Sassybeast Thu 04-Feb-10 18:18:05

Ok - is it worth having the treatment that he offers though, just in case it does do the trick ?

lilylu22 Thu 04-Feb-10 18:22:02

Well yes that's what we'll do then get booked into see another NHS dentist.

IF the second finds he needs further treatment - I've been told the first will be disciplined by NHS and primary care trust for not providing the treatment he was obliged to provide.

Just a pain having the fight for what should be provided in the first place.

lilylu22 Thu 04-Feb-10 18:23:26

BTW - the second doesn't even employ a hygienist, just does the work and doesn't try to make the extra money angry

ImSoNotTelling Thu 04-Feb-10 18:57:32

YANBU in that NHS dentistry is up the spout.
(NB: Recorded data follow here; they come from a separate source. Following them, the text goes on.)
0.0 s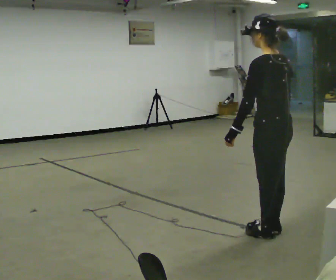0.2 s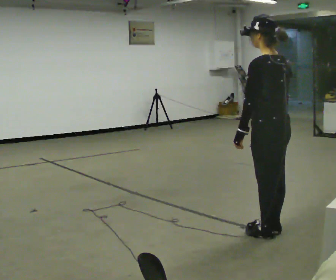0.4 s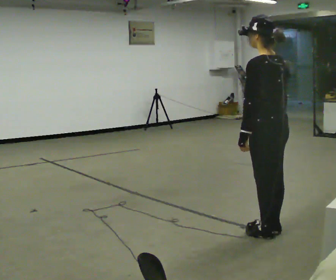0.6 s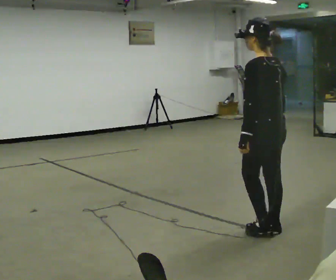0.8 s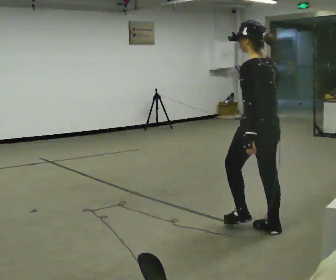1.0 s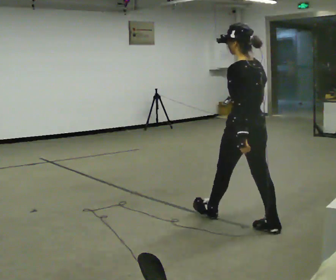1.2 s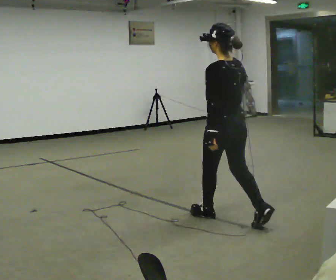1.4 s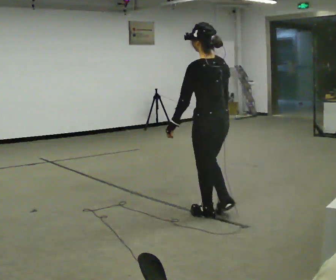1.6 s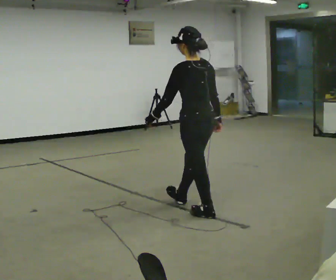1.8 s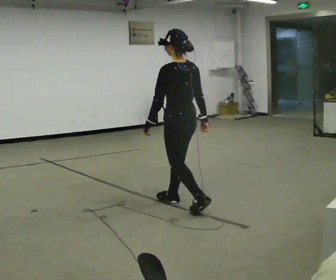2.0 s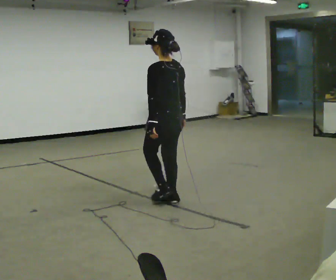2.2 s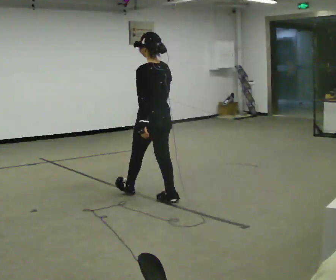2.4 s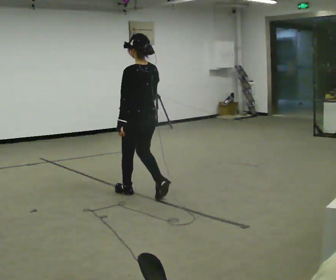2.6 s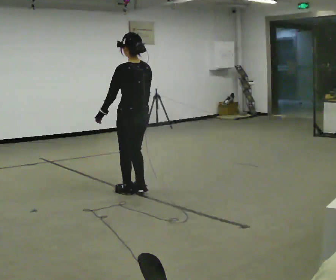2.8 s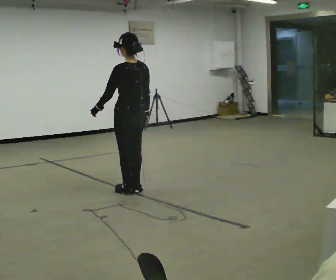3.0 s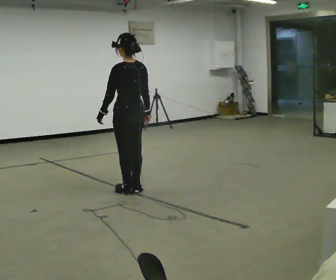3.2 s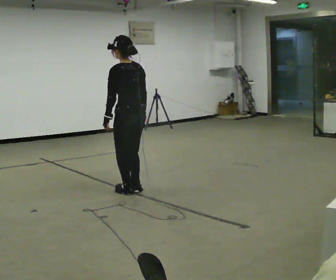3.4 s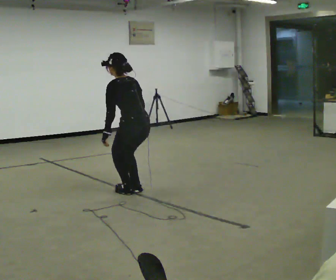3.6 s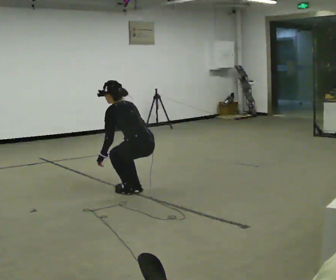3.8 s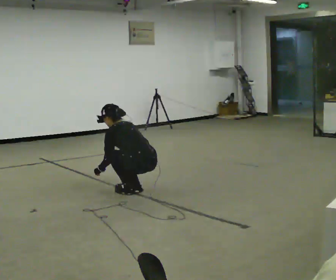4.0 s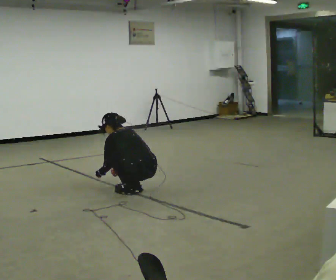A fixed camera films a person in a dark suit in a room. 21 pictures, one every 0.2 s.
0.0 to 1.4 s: In the picture they go away from the camera and to the left, about 0.75 m in 1 step, which for them is forward.
1.4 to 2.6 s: In the picture they go away from the camera and to the left, about 1 m in 2 steps, which for them is forward.
2.6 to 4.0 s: The upper body goes downward. The upper body tips away from the camera, its near side rolling upward, as they bend forward. In the picture their right hand goes downward.
The film runs forward here.

When I was pg I decided to have a go with NHS treatment, and joined DHs dental place. I have been private since my dentist stopped offering NHS treatment about 5 years ago.

I went along and the dentist had a perfunctory look in my mouth, literally 30 secs, declared all fine and then said I needed to see the hygeinist 3 times a year at about £40 a pop.

Given that my private dentist has a really good look at my teeth, cleans them thoroughly and polishes them for about £40 a time as well I decided to stick with him.

It didn't add up that I seemed to get a better service for the same/less money in the private sector.

ImSoNotTelling Thu 04-Feb-10 18:58:14

I'd take the ordinary clean if I were you and take it from there.